*** Exercise input ***

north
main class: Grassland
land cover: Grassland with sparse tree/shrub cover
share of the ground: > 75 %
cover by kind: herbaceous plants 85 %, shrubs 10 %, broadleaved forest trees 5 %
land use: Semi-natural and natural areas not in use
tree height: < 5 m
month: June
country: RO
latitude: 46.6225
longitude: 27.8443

*** End of Exercise input ***
*** Exercise input ***

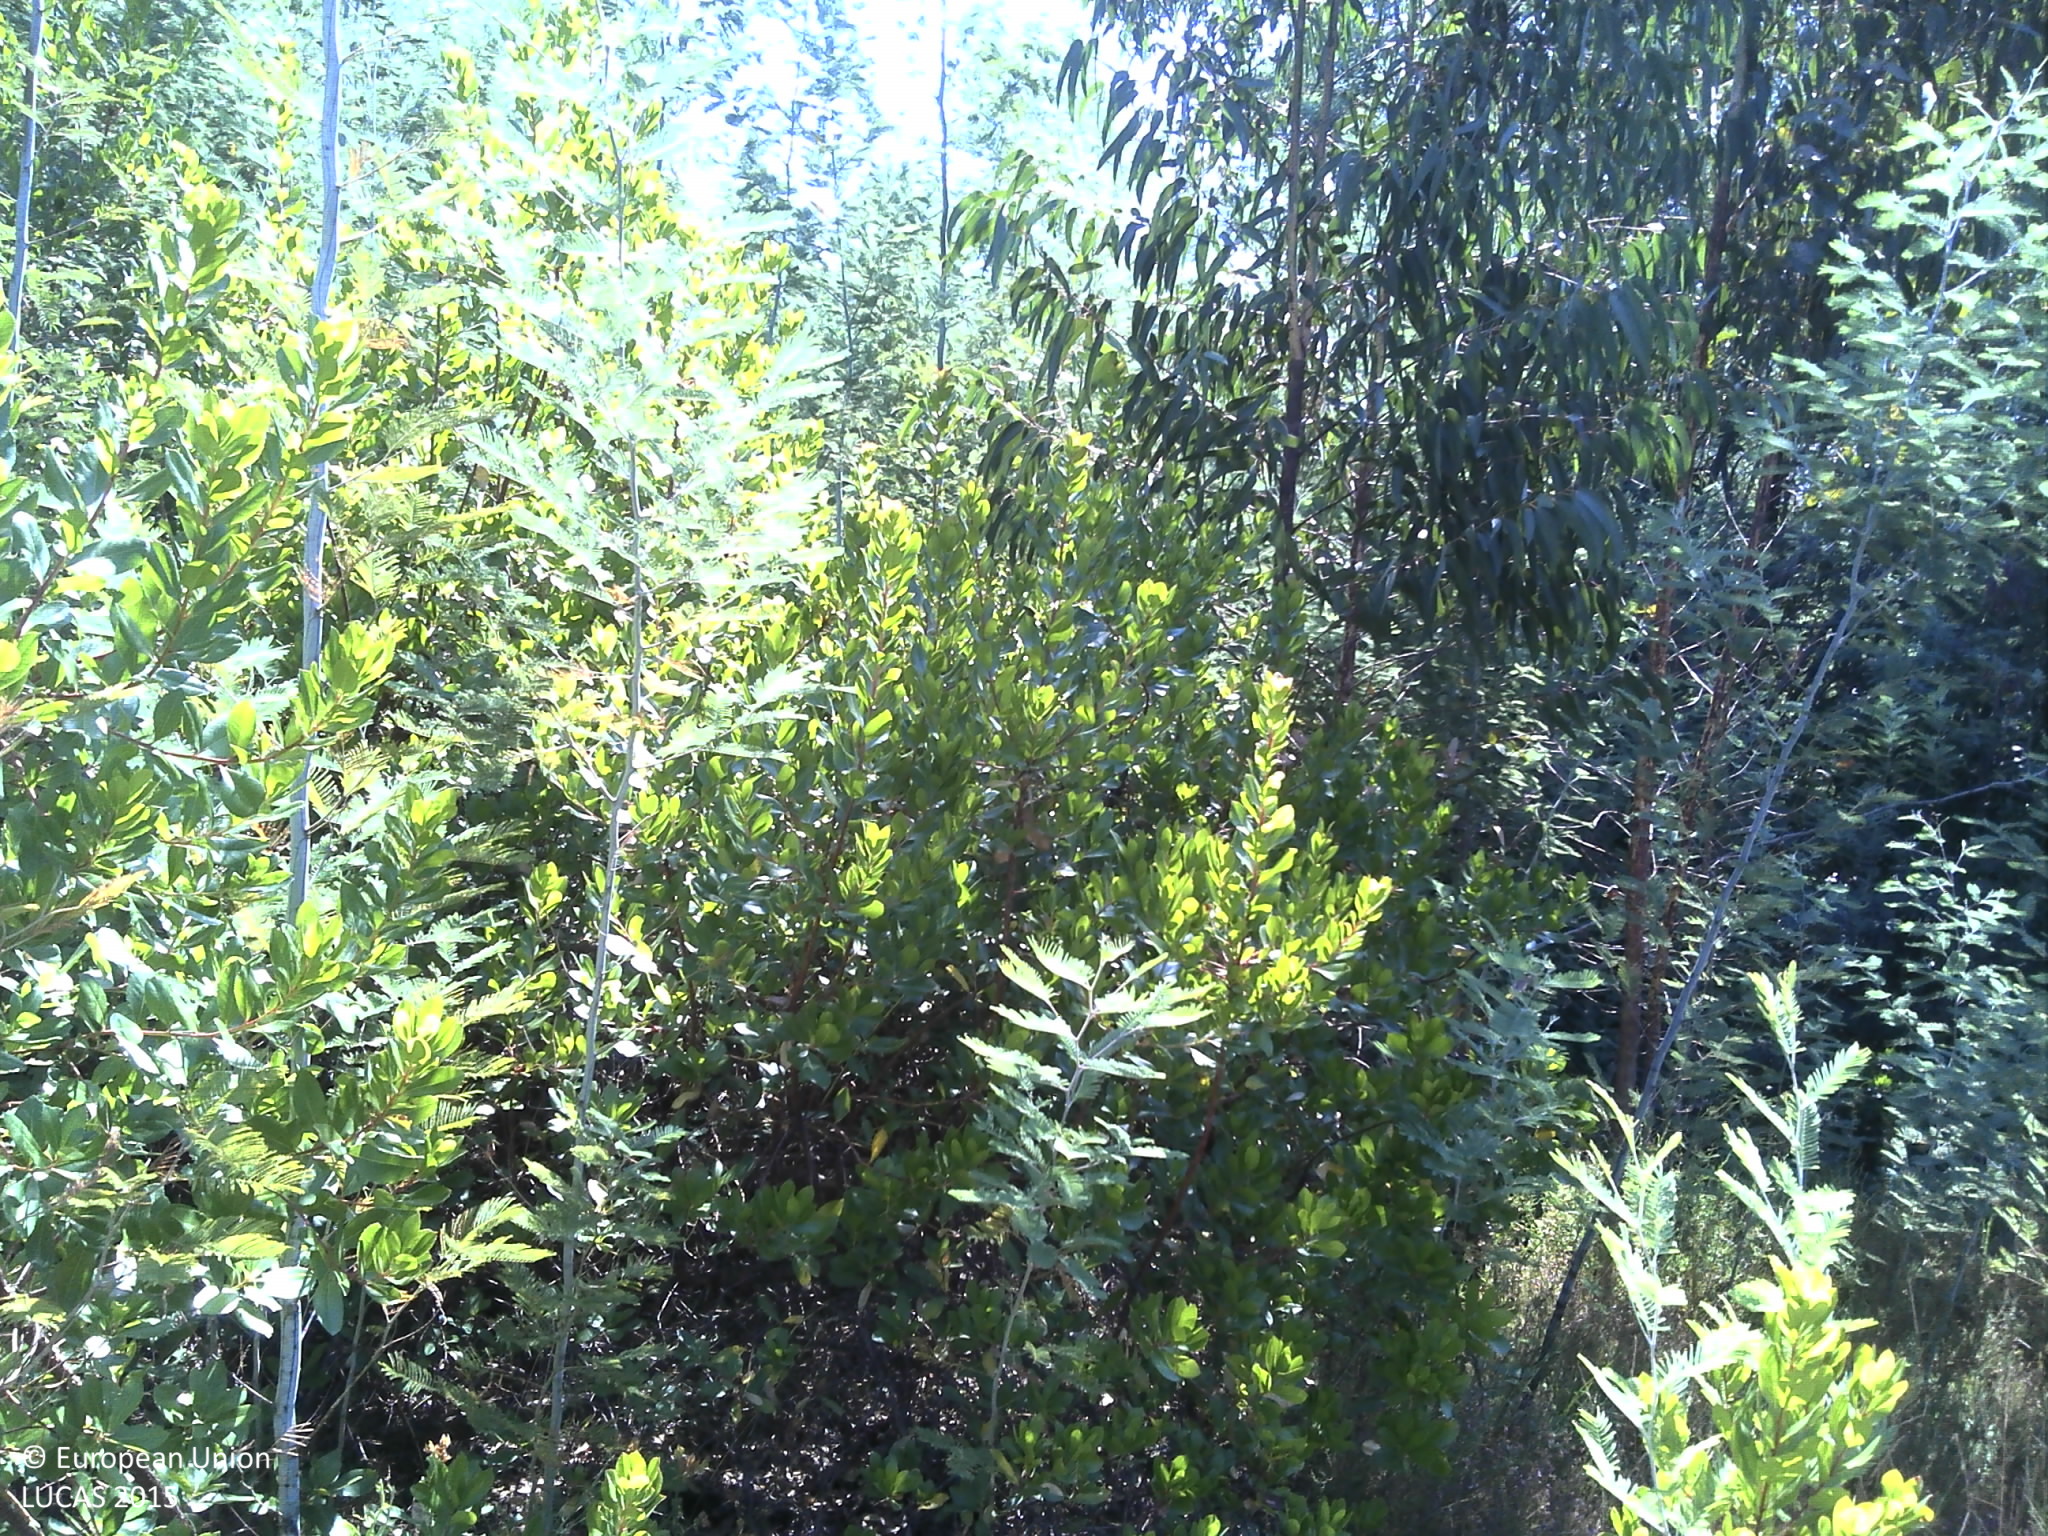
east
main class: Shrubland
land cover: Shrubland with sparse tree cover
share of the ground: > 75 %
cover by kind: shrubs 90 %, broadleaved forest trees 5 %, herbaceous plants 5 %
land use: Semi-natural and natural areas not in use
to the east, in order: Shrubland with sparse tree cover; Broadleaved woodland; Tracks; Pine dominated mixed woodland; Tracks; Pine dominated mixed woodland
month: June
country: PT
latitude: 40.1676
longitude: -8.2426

*** End of Exercise input ***

## Exercise aim
All lines above from the line with "cover by kind: shrubs" through the line with "longitude: -8.2426", both included, are to be set down exactly, with nothing else.

## Response box
cover by kind: shrubs 90 %, broadleaved forest trees 5 %, herbaceous plants 5 %
land use: Semi-natural and natural areas not in use
to the east, in order: Shrubland with sparse tree cover; Broadleaved woodland; Tracks; Pine dominated mixed woodland; Tracks; Pine dominated mixed woodland
month: June
country: PT
latitude: 40.1676
longitude: -8.2426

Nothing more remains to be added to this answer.